What of the allegation that America the country is selfish? Again, it is easy to dispose of arguments about it being greedy or uncharitable by examining the generosity of its global aid and assistance. In 1998, the US gave US$8.8 billion in official development assistance. In the same year France gave US$5.7 billion, Canada US$1.7 billion and Australia $1 billion.
It is true that although the dollar amount of official US aid is vastly higher than that of most countries, as a percentage of GDP it is lower than many. But beginning with the Marshall Plan at the end of the World War II, its generosity has been longer lived.
That is not to deny that America’s primary motivation is its self-interest. From its recent trade agreement with Australia, to its war on terror and the cold war, the United States has been motivated by the benefits to the union.
On the global stage, however, countries acting in their own self-interest – as with Smith’s self-interested people – generate massive welfare benefits for other countries, so this is not obviously a bad thing.
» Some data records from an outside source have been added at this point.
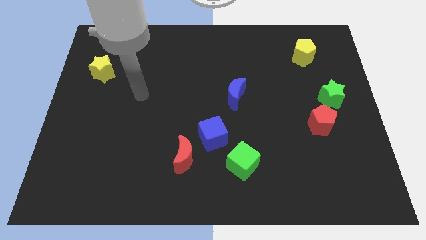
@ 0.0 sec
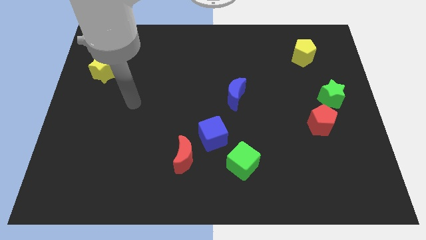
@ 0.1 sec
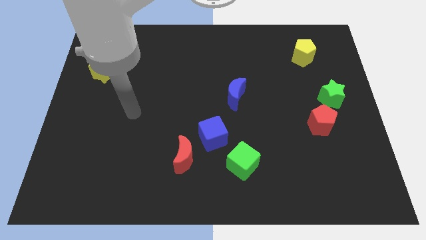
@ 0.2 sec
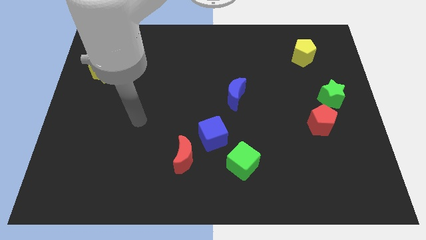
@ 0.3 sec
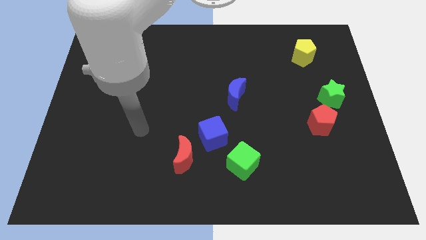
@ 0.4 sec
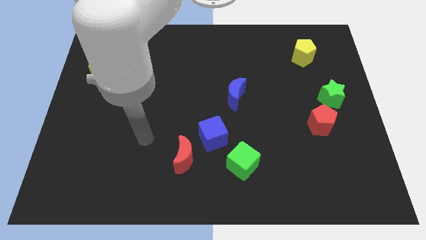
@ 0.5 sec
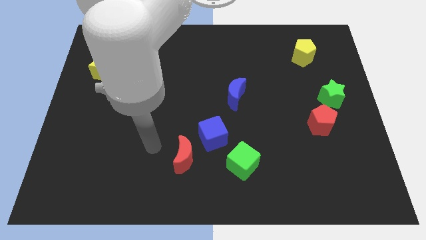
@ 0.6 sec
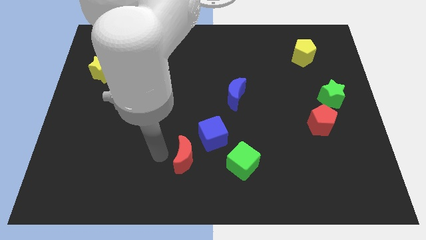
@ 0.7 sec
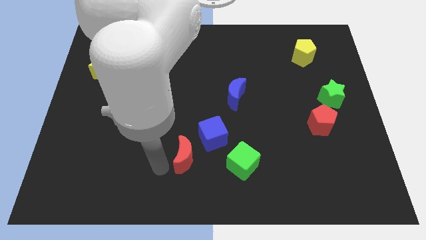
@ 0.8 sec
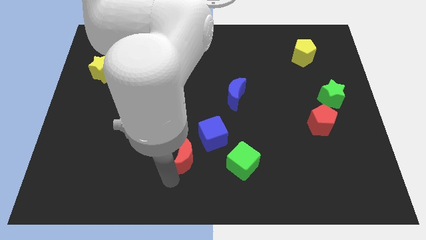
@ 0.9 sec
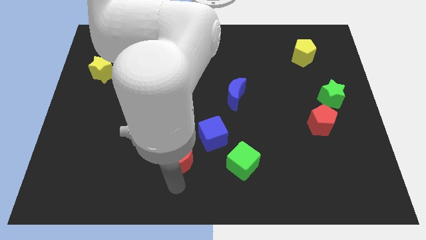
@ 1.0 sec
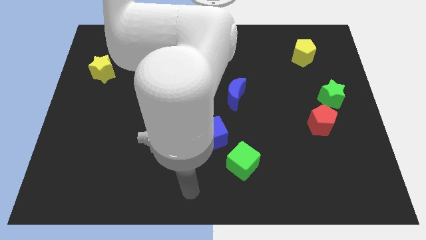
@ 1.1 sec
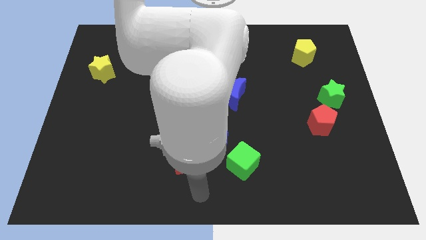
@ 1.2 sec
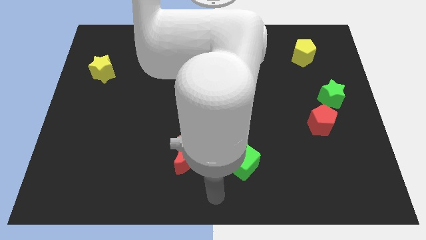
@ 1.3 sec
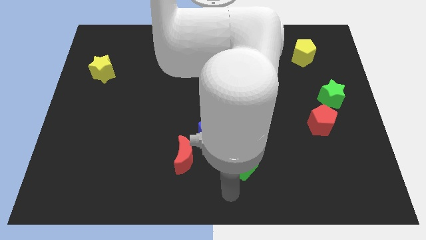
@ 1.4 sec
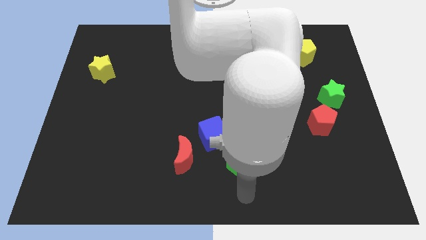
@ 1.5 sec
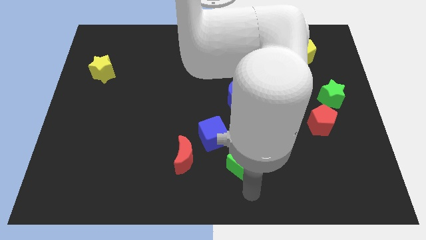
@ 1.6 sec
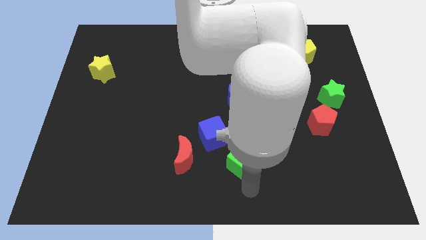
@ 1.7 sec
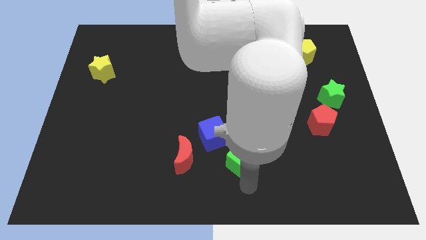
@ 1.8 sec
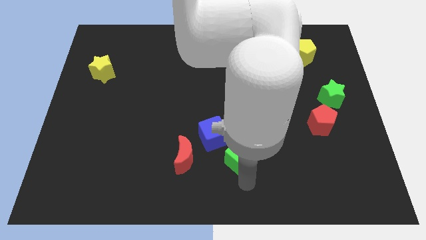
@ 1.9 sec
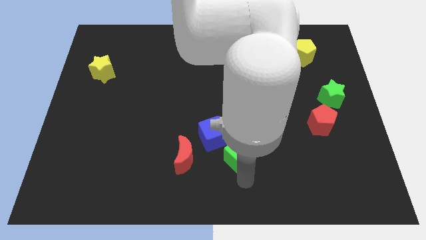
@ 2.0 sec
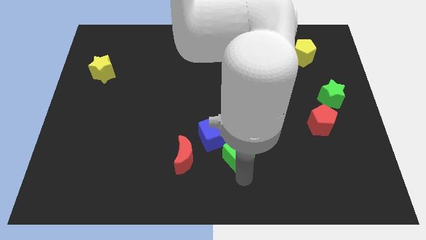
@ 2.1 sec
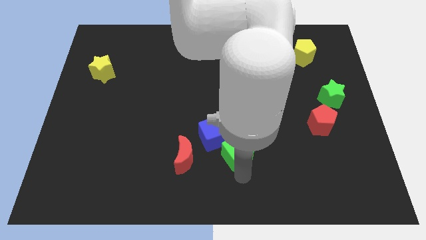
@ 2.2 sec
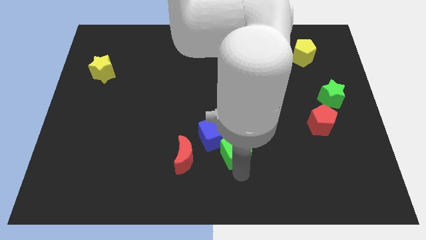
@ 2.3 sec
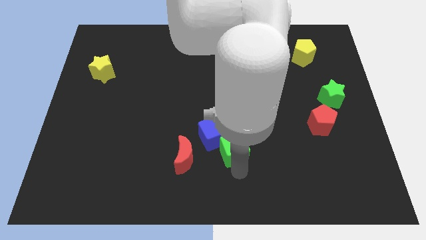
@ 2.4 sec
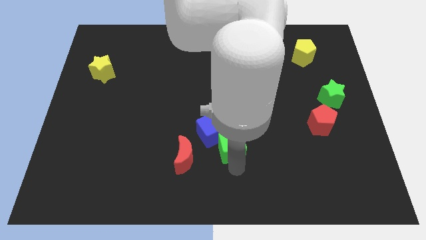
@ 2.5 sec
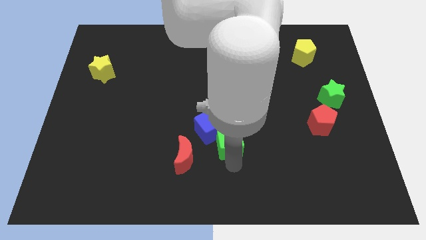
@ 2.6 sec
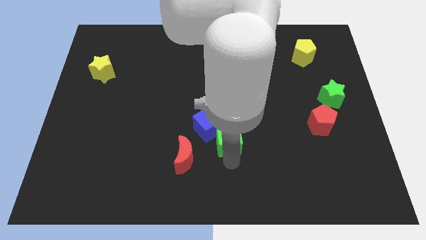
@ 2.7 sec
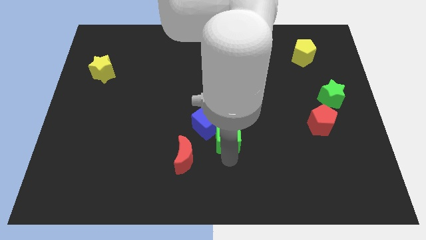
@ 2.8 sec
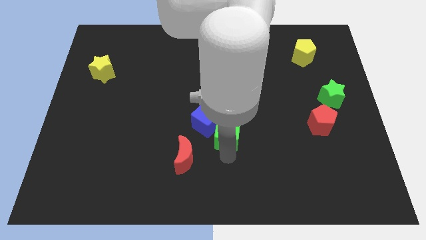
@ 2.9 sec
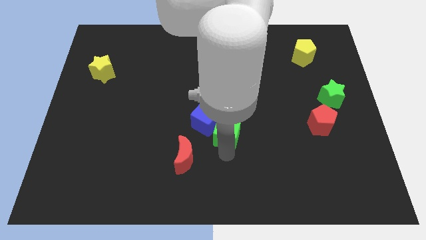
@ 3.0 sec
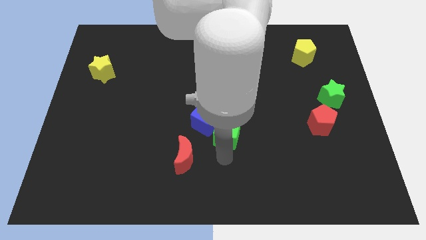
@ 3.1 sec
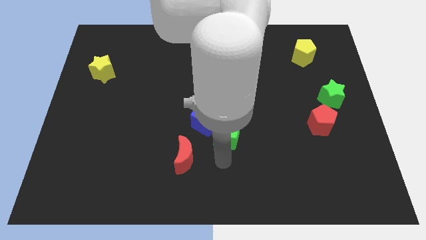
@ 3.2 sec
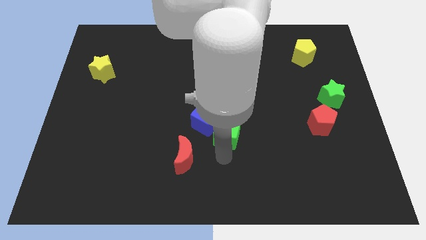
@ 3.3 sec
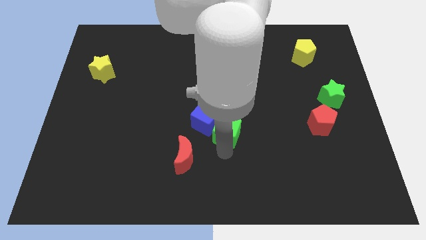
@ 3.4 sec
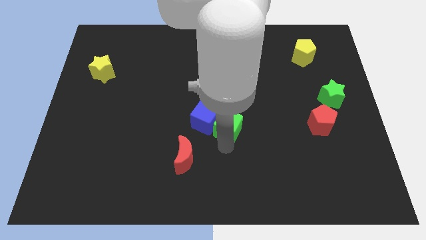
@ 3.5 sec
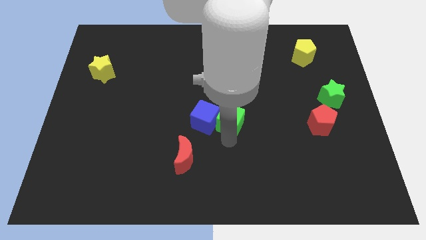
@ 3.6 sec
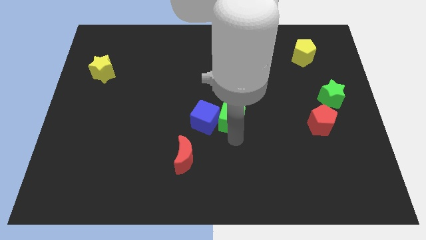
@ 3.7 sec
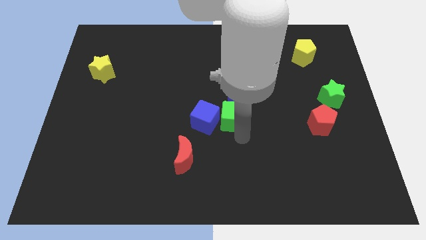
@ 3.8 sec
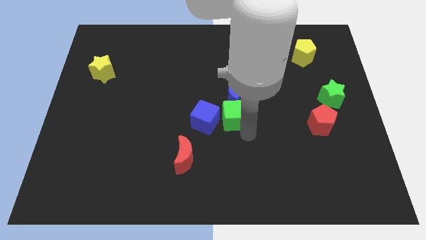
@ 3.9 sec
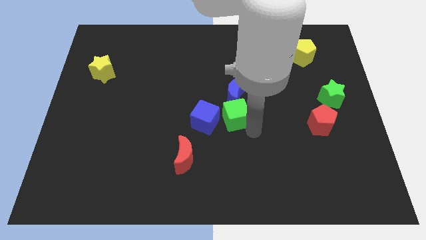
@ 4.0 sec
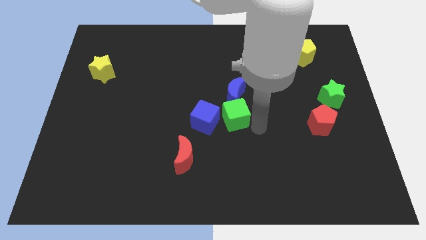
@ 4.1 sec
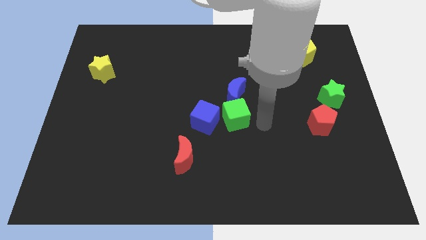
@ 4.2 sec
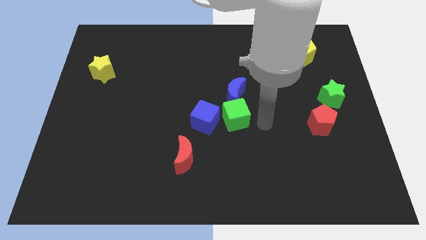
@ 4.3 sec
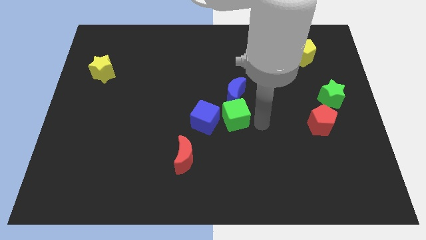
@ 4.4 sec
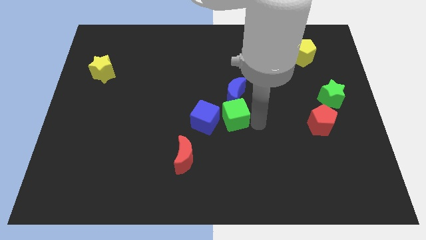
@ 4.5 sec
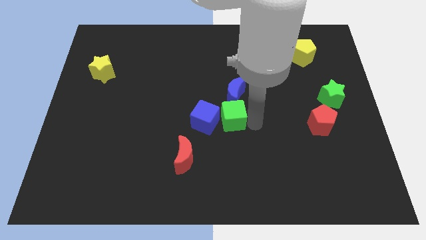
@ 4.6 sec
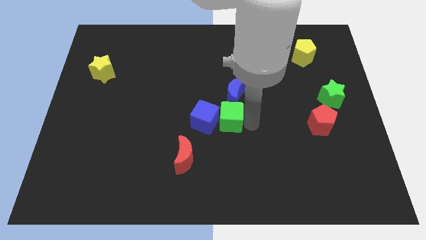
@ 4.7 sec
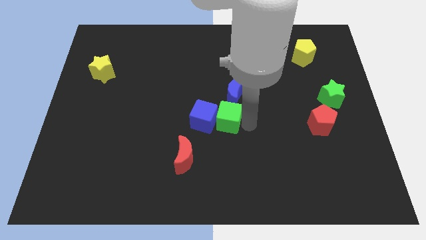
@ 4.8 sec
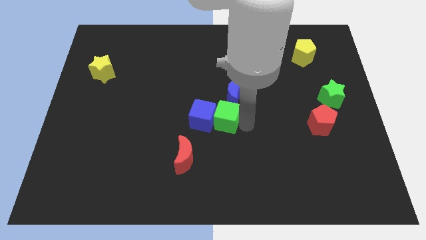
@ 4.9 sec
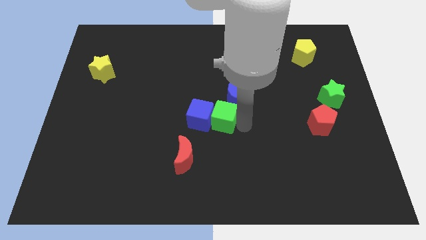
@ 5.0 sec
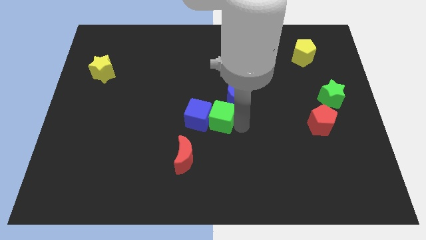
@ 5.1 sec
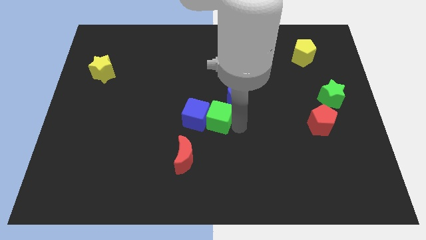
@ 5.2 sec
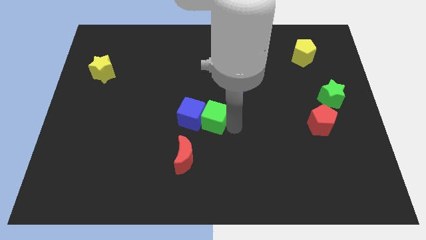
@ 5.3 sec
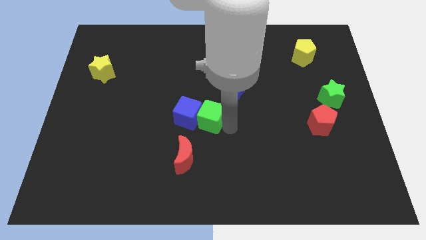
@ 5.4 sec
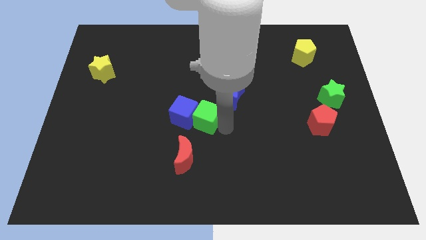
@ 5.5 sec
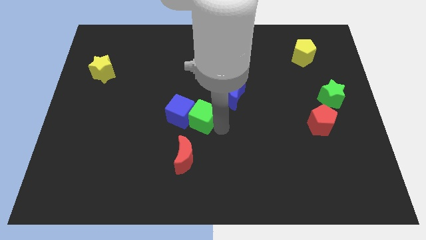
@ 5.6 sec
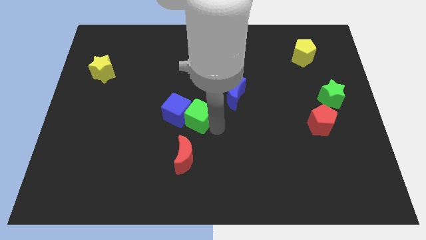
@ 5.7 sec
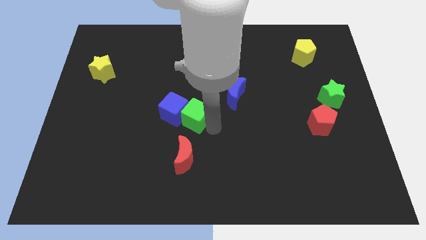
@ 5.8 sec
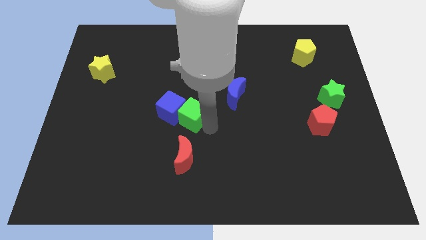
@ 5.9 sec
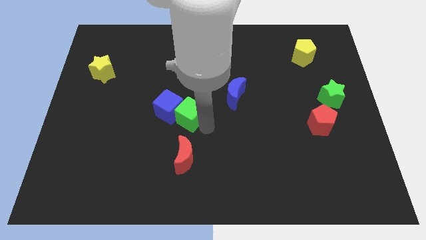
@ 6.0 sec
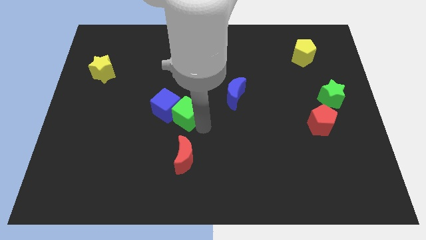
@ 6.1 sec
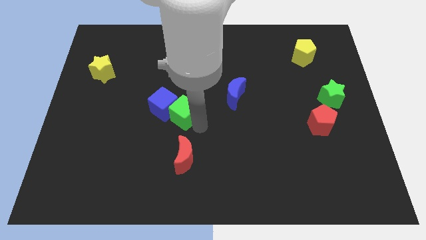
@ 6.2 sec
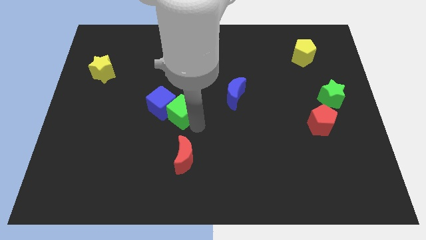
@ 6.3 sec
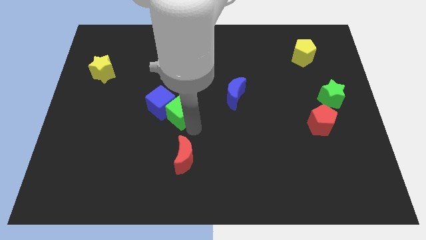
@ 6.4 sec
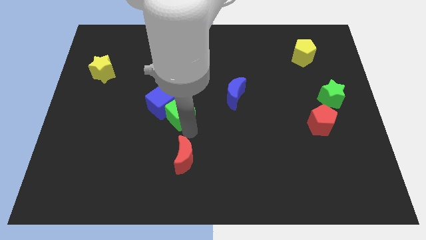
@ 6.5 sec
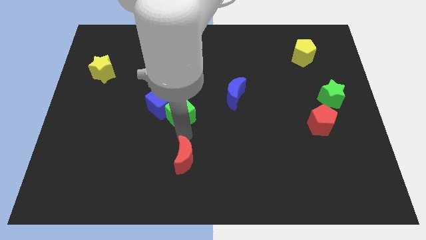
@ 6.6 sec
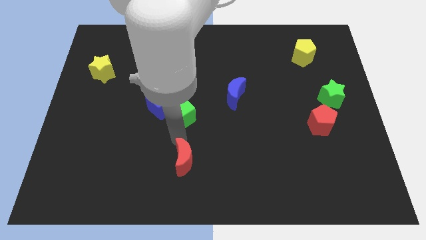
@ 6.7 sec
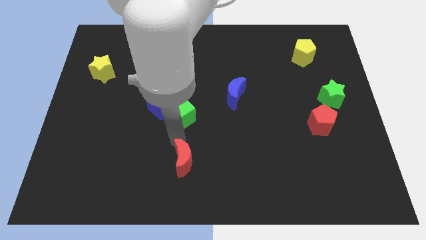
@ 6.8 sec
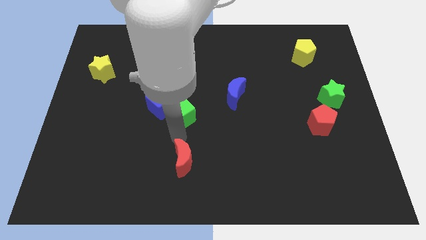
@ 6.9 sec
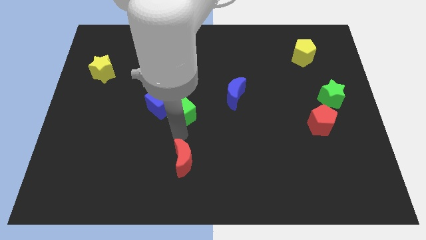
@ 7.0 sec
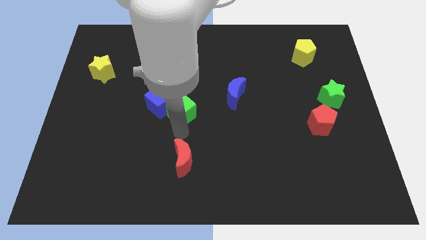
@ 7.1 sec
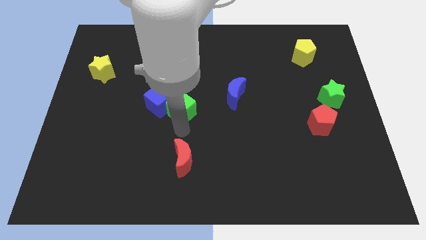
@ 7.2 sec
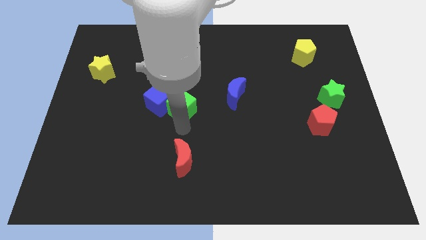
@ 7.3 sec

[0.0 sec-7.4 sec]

Prime Minister John Howard correctly identified that the US-Australia free trade agreement is “axiomatically more to [Australia’s] advantage than America’s”. As part of its war on terror, US intelligence helped capture terrorist mastermind Hambali in Thailand. Hambali posed a far greater threat to Asian interests, having been decisive in shifting strikes from hard targets like embassies to soft targets such as bars and nightclubs.
Smith’s caveat for markets to operate in the overall national interest was for there to be law and order. Similarly, for there to be global benefits from countries acting in their own interests, there needs to be a framework of common international law and ways for it to be enforced. Surely the countries that most deserve to be labeled “selfish” are those run by dictators who operate outside the bounds of international law, trafficking weapons or people and attacking their neighbours. But we seldom see this tag applied to the likes of North Korea, Iran, Syria, or Iraq under Saddam Hussein.
The US, on the other hand, is generally an excellent neighbour – sharing the world’s longest undefended and open border with Canada – and a good global citizen. That it has not signed up to such agreements as the Kyoto Protocol is less a sign of US selfishness and more one of a lack of evidence surrounding the science and economics on which the protocol is founded. And France, which so vigorously insisted on taking more time to gather evidence while it stalled the UN Security Council over resolutions on Iraq, can hardly accuse it of being selfish for that.
Just as Pacific states generally benefit from the actions of a self-interested Australia, by acting in self-interest the US creates positive benefits over time and on average that are enjoyed by the vast majority of the world’s countries.
Abuse of prisoners and other such acts by a number Americans are abhorrent, but should not tar an entire people or nation.
Nicholas Kerr is an adjunct scholar of the Center for Independent Studies. He studied and worked in the US from 1999 to 2001.